What have hedge funds been doing with CareDx, Inc. (NASDAQ:CDNA)?
At Q1’s end, a total of 17 of the hedge funds tracked by Insider Monkey held long positions in this stock, a change of -32% from the fourth quarter of 2019. By comparison, 25 hedge funds held shares or bullish call options in CDNA a year ago. With hedge funds’ positions undergoing their usual ebb and flow, there exists an “upper tier” of notable hedge fund managers who were upping their holdings meaningfully (or already accumulated large positions).
Of the funds tracked by Insider Monkey, Mitchell Blutt’s Consonance Capital Management has the biggest position in CareDx, Inc. (NASDAQ:CDNA), worth close to $58.1 million, amounting to 4.3% of its total 13F portfolio. The second most bullish fund manager is Eli Casdin of Casdin Capital, with a $28.3 million position; 3% of its 13F portfolio is allocated to the stock. Some other hedge funds and institutional investors with similar optimism comprise D. E. Shaw’s D E Shaw, Chuck Royce’s Royce & Associates and Mark Coe’s Intrinsic Edge Capital. In terms of the portfolio weights assigned to each position Consonance Capital Management allocated the biggest weight to CareDx, Inc. (NASDAQ:CDNA), around 4.33% of its 13F portfolio. Casdin Capital is also relatively very bullish on the stock, setting aside 3 percent of its 13F equity portfolio to CDNA.
Because CareDx, Inc. (NASDAQ:CDNA) has experienced falling interest from hedge fund managers, it’s easy to see that there is a sect of hedgies that elected to cut their entire stakes by the end of the first quarter. Interestingly, Peter S. Park’s Park West Asset Management sold off the largest position of the “upper crust” of funds followed by Insider Monkey, worth close to $2.1 million in stock, and Noam Gottesman’s GLG Partners was right behind this move, as the fund dumped about $2.1 million worth. These moves are intriguing to say the least, as aggregate hedge fund interest dropped by 8 funds by the end of the first quarter.

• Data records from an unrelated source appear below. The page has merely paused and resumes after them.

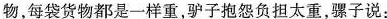
物，每袋货物都是一样重，驴子抱怨负担太重，骡子说：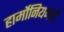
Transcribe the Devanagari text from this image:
हार्मोनियमही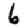
Digit: 6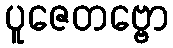
ပူဇေတဗ္ဗော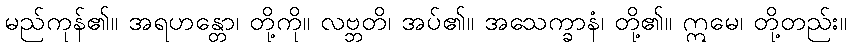
မည်ကုန်၏။ အရဟန္တော၊ တို့ကို။ လဗ္ဘတိ၊ အပ်၏။ အသေက္ခာနံ၊ တို့၏။ ဣမေ၊ တို့တည်း။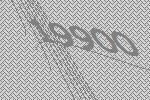
19900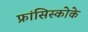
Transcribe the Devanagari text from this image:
फ्रांसिस्कोके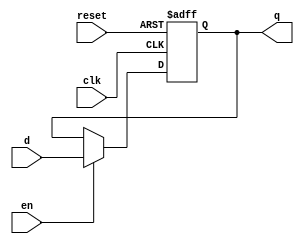
module parameterized_register #(
    parameter N = 8 // Default bit width of the register
)(
    input wire clk,        // Clock signal
    input wire reset,      // Asynchronous reset signal
    input wire [N-1:0] d,  // Input data signal
    input wire en,         // Enable signal
    output reg [N-1:0] q   // Output data signal
);

// Behavioral modeling of the register
always @(posedge clk or posedge reset) begin
    if (reset) begin
        // Reset the register to zero on reset signal
        q <= {N{1'b0}}; // Initialize q to 0 (N bits)
    end else if (en) begin
        // Capture input data on enable signal
        q <= d;
    end
    // If reset is low and enable is low, retain previous value of q
end

endmodule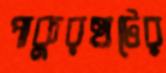
পাকুরহাটের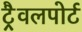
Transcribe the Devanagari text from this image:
ट्रैवलपोर्ट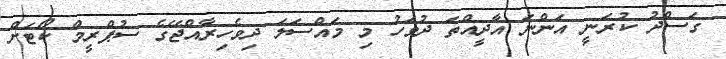
ގަސްދު ކުރަނީ އަންނަ އާދީއްތަ ދުވަހު މި މައްސަލަ ދިވެހިރާއްޖޭގެ ސުޕްރީމް ކޯޓަށް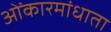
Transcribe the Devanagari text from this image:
ओंकारमांधाता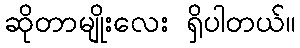
ဆိုတာမျိုးလေး ရှိပါတယ်။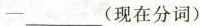
___(现在分词)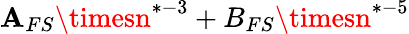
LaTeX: \mathbf{A}_{FS}\timesn^{*-3}+B_{FS}\timesn^{*-5}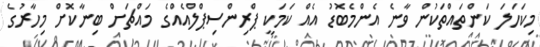
މިކަހަލަ ކަންތައްތަކުން ވާނެ އެންމެބޮޑު އެެއް ކަމަކީ ޕްރިންސިޕްލްއެއްގެ މައްޗަށް ބިނާކޮށް މިހާރުގެ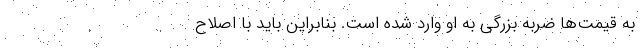
به قیمت‌ها ضربه بزرگی به او وارد شده است. بنابراین باید با اصلاح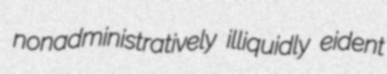
nonadministratively illiquidly eident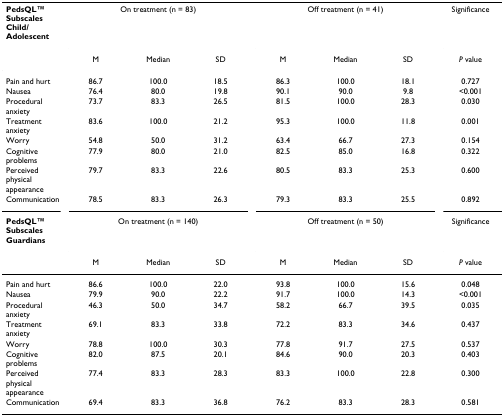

Let’s check out hedge fund activity in other stocks similar to CareDx, Inc. (NASDAQ:CDNA). These stocks are Cardlytics, Inc. (NASDAQ:CDLX), Standard Motor Products, Inc. (NYSE:SMP), First Busey Corporation (NASDAQ:BUSE), and Sonos, Inc. (NASDAQ:SONO). This group of stocks’ market values resemble CDNA’s market value.

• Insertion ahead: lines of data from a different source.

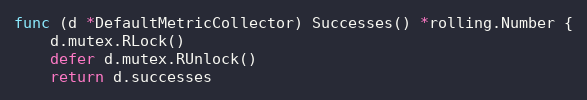
Language: Go
func (d *DefaultMetricCollector) Successes() *rolling.Number {
	d.mutex.RLock()
	defer d.mutex.RUnlock()
	return d.successes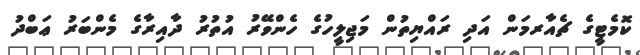
ކޮމެޓީގެ ޗެއާރމަން އަދި ރައްޔިތުން މަޖިލީހުގެ ހެންވޭރު އުތުރު ދާއިރާގެ މެންބަރު ޢަބްދު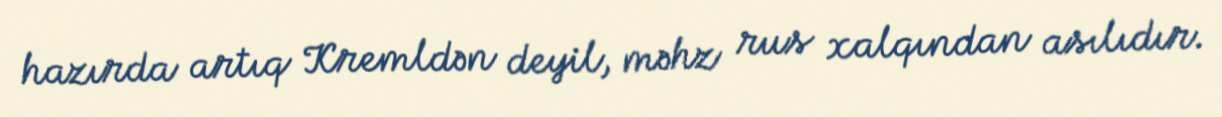
hazırda artıq Kremldən deyil, məhz rus xalqından asılıdır.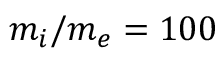
m _ { i } / m _ { e } = 1 0 0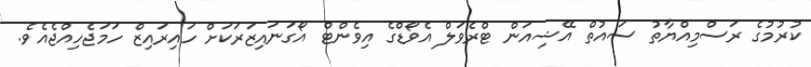
ކުރުމުގެ ރަސްމިއްޔާތު ސައުތް އޭޝިއަން ޓްރެވަލް އެވޯޑްގެ އިވެންޓް އޯގަނައިޒަރަކަށް ހައިރައިޒް ހަމަޖެހިއްޖެއެވެ.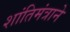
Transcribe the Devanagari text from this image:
शांतिमंत्राने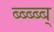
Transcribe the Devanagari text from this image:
ब्ब्ब्ब्ब्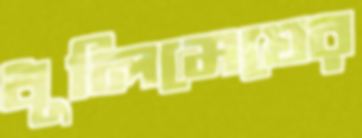
ধূলিমেঘের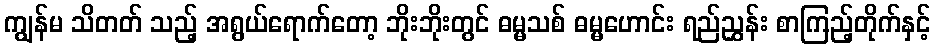
ကျွန်မ သိတတ် သည့် အရွယ်ရောက်တော့ ဘိုးဘိုးတွင် ဓမ္မသစ် ဓမ္မဟောင်း ရည်ညွှန်း စာကြည့်တိုက်နှင့်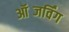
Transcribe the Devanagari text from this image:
ऑब्जर्विंग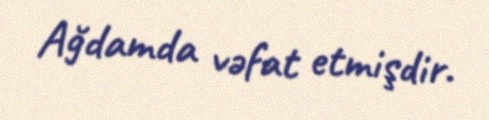
Ağdamda vəfat etmişdir.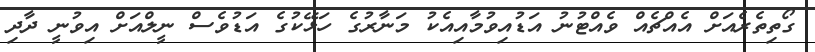
ގޯތިތެރެއަށް އެއްޗެއް ވެއްޓުނު އަޑުއިވުމާއިއެކު މަނާރުގެ ހަޅޭކުގެ އަޑުވެސް ނީލްއަށް އިވުނީ ދާދި

|Ticker||No of HFs with positions||Total Value of HF Positions (x1000)||Change in HF Position|
View table here if you experience formatting issues.

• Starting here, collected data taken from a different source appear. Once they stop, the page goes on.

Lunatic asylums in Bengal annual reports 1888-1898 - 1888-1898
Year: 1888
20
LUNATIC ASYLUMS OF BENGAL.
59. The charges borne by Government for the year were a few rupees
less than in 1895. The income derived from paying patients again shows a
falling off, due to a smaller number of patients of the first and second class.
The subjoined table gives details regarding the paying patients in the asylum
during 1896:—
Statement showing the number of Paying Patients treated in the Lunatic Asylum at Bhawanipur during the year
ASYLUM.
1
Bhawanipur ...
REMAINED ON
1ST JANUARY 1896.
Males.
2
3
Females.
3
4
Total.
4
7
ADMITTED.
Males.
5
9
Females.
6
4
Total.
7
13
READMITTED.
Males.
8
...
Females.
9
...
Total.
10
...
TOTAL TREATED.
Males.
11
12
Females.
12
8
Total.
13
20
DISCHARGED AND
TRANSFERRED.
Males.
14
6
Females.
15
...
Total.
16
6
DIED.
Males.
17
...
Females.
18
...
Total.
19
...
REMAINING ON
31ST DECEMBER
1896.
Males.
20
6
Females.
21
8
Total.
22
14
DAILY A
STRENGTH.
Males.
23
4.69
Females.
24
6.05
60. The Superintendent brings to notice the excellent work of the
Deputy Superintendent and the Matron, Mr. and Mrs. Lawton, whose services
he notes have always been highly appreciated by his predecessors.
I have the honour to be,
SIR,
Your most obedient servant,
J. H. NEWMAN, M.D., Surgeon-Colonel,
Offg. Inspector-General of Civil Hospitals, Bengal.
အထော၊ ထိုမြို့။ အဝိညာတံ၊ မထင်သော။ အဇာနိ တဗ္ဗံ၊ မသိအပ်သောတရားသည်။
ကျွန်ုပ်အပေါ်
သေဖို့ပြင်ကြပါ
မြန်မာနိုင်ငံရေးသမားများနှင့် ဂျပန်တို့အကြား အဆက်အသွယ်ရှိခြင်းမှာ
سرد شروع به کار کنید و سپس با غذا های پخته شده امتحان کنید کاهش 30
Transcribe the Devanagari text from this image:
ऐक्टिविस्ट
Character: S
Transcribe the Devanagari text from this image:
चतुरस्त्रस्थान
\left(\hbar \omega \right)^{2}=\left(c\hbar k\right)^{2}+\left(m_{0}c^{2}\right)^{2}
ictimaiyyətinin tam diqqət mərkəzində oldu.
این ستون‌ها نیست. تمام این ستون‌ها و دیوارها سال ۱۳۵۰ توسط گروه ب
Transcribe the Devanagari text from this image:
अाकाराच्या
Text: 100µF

As you can see these stocks had an average of 19.75 hedge funds with bullish positions and the average amount invested in these stocks was $132 million. That figure was $145 million in CDNA’s case. Sonos, Inc. (NASDAQ:SONO) is the most popular stock in this table. On the other hand Standard Motor Products, Inc. (NYSE:SMP) is the least popular one with only 9 bullish hedge fund positions. CareDx, Inc. (NASDAQ:CDNA) is not the least popular stock in this group but hedge fund interest is still below average. Our calculations showed that top 10 most popular stocks among hedge funds returned 41.4% in 2019 and outperformed the S&P 500 ETF (SPY) by 10.1 percentage points. These stocks gained 13.4% in 2020 through June 22nd and still beat the market by 15.9 percentage points. A small number of hedge funds were also right about betting on CDNA as the stock returned 54.6% during the second quarter and outperformed the market by an even larger margin.